:: Supplied records

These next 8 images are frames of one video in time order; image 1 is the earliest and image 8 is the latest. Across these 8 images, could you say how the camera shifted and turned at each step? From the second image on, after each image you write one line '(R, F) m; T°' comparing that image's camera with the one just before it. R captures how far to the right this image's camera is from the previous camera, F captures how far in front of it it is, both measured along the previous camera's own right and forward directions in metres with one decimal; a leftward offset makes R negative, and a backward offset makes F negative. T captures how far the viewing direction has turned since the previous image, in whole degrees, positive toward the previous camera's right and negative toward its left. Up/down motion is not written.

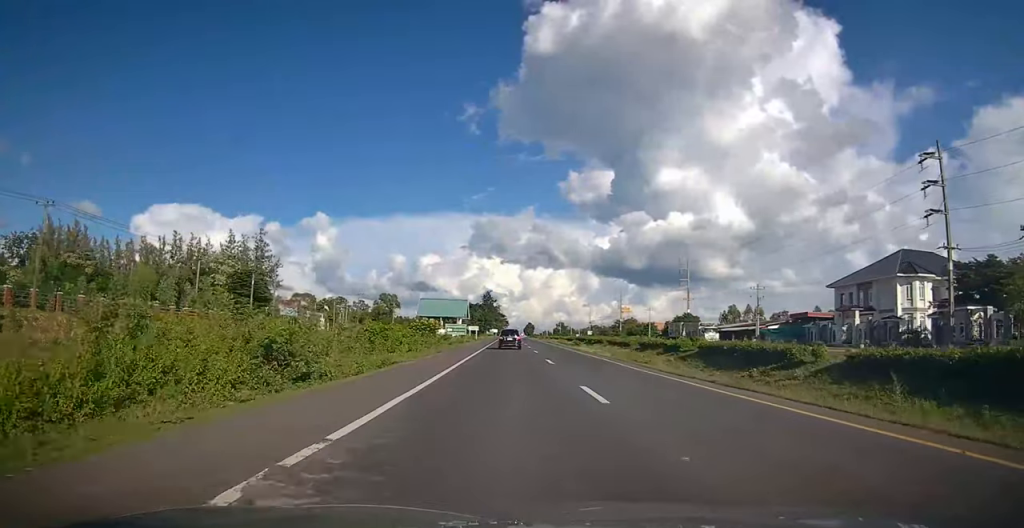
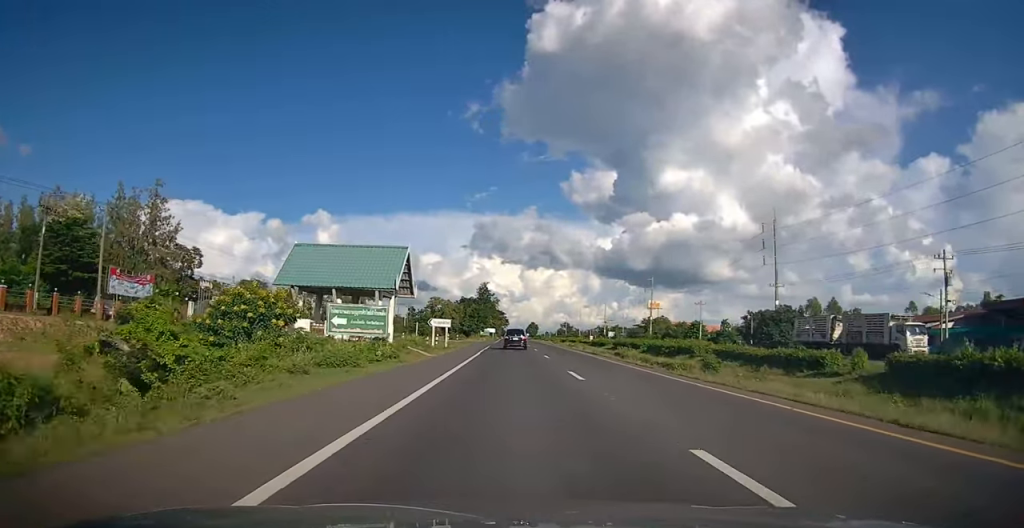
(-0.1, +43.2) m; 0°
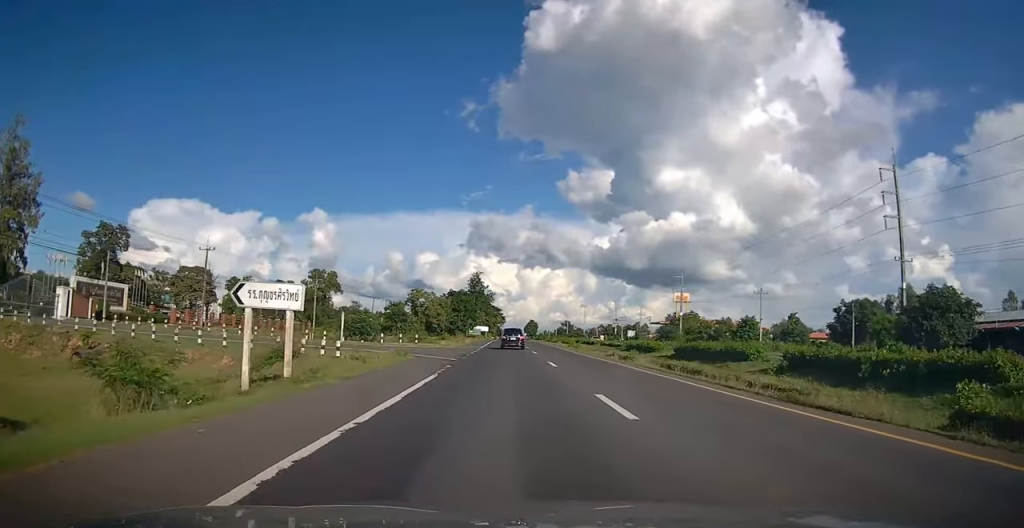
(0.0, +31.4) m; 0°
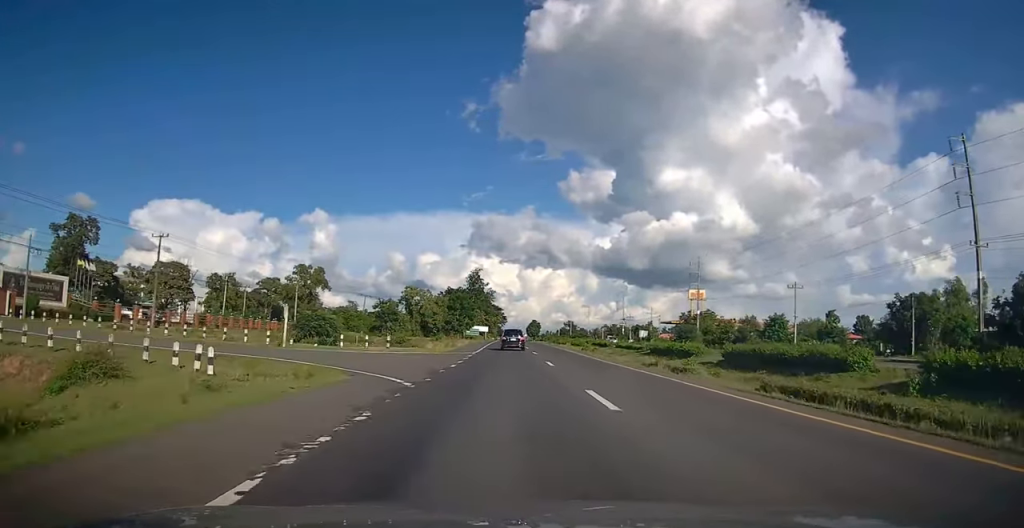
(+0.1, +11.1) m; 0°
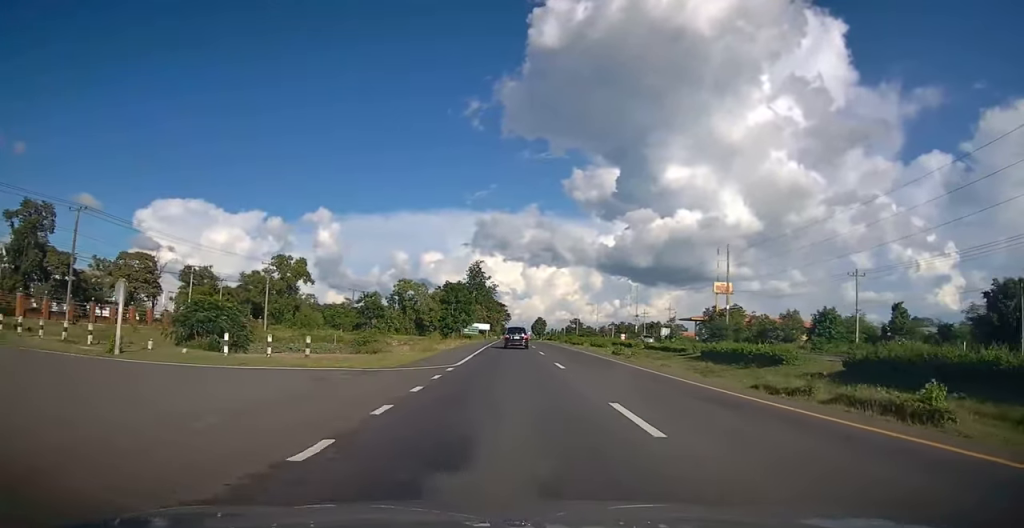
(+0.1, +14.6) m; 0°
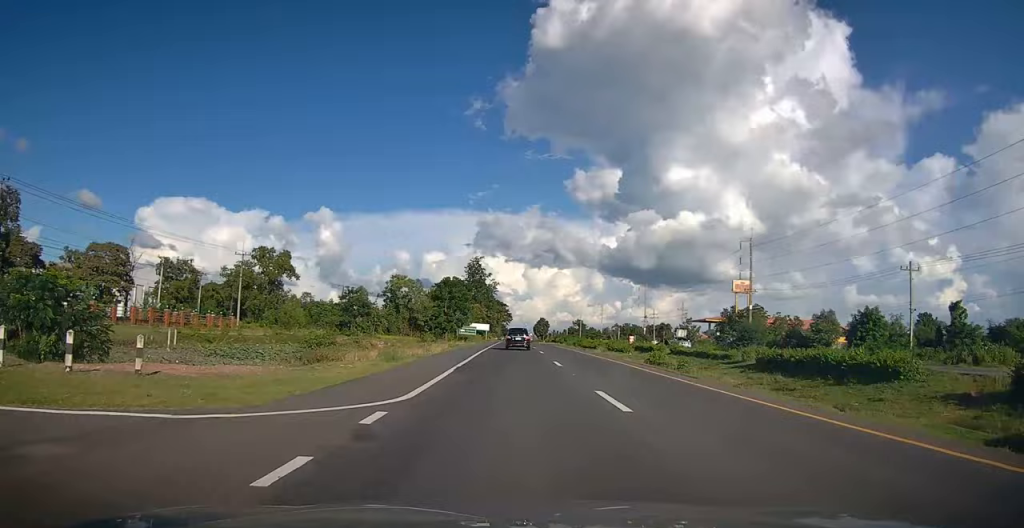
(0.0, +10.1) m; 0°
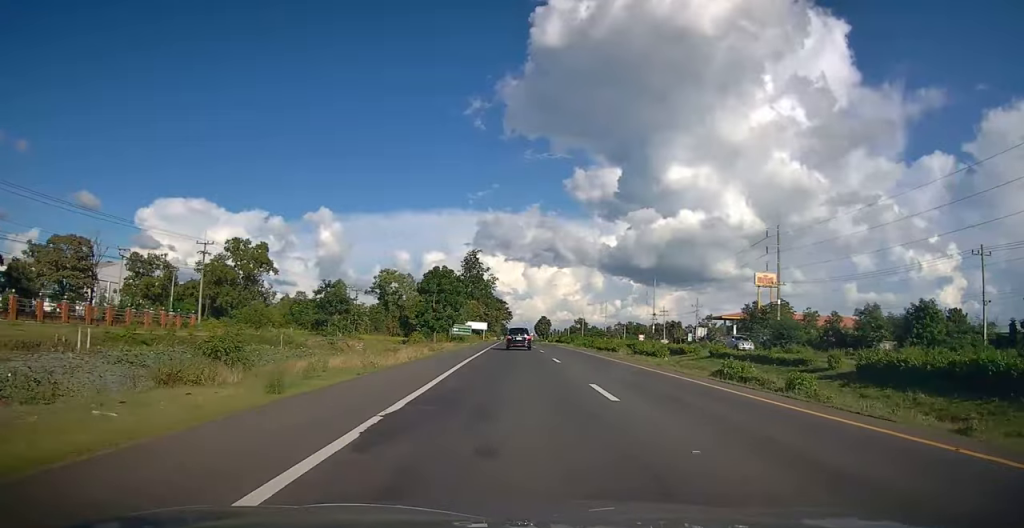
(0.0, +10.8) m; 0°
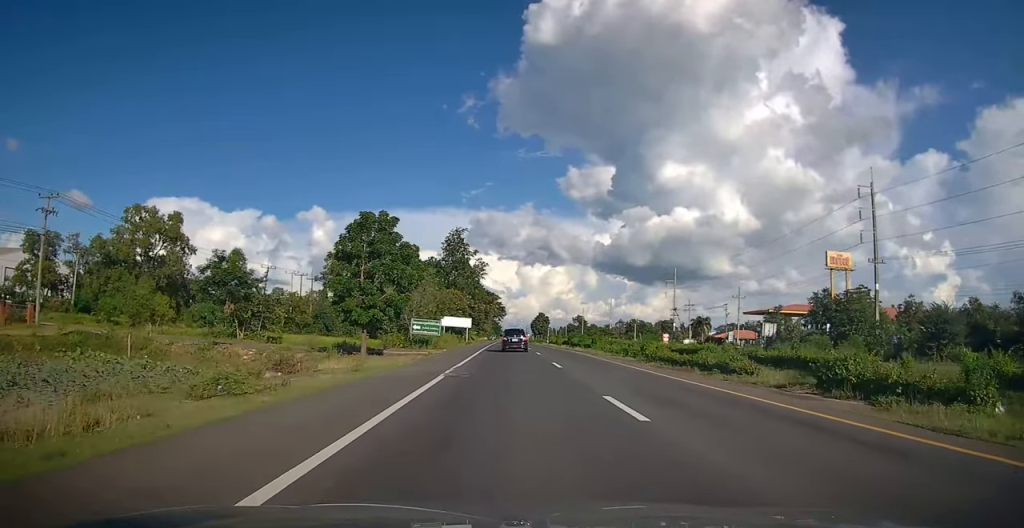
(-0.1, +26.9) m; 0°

::::

### Work to be completed
The expected result is the material restated word for word, minus any picture.

### Solution to this exercise
These next 8 images are frames of one video in time order; image 1 is the earliest and image 8 is the latest. Across these 8 images, could you say how the camera shifted and turned at each step? From the second image on, after each image you write one line '(R, F) m; T°' comparing that image's camera with the one just before it. R captures how far to the right this image's camera is from the previous camera, F captures how far in front of it it is, both measured along the previous camera's own right and forward directions in metres with one decimal; a leftward offset makes R negative, and a backward offset makes F negative. T captures how far the viewing direction has turned since the previous image, in whole degrees, positive toward the previous camera's right and negative toward its left. Up/down motion is not written.

(-0.1, +43.2) m; 0°
(0.0, +31.4) m; 0°
(+0.1, +11.1) m; 0°
(+0.1, +14.6) m; 0°
(0.0, +10.1) m; 0°
(0.0, +10.8) m; 0°
(-0.1, +26.9) m; 0°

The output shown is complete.